_PROBLEM TO WORK ON_. Below are records with pictures; copy word for word only the lines between the line with "Invasive ductal carcinoma" and the line with "Aerial imagery of", inclusive, and drop the pictures.

_MATERIAL FOR THIS EXERCISE_.
******

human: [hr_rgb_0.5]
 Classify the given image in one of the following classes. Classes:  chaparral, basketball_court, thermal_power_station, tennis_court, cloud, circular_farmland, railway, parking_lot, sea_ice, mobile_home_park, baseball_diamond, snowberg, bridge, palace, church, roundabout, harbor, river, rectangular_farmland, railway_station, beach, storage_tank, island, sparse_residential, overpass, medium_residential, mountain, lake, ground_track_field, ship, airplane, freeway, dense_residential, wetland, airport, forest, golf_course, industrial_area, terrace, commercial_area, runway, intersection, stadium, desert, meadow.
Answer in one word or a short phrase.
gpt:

******

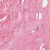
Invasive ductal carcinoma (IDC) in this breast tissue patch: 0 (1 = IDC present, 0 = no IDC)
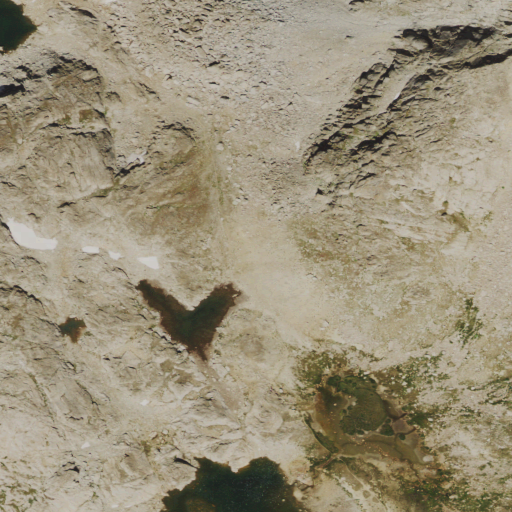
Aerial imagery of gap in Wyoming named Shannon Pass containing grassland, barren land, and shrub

******

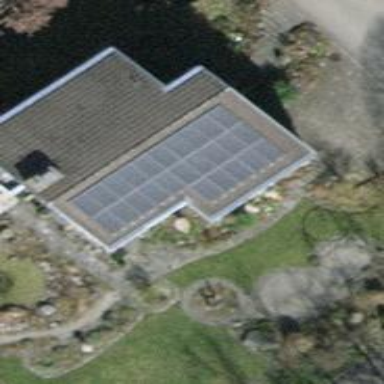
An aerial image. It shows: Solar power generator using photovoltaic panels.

******

_THE COMPLETED TASK_.
Invasive ductal carcinoma (IDC) in this breast tissue patch: 0 (1 = IDC present, 0 = no IDC)
Aerial imagery of gap in Wyoming named Shannon Pass containing grassland, barren land, and shrub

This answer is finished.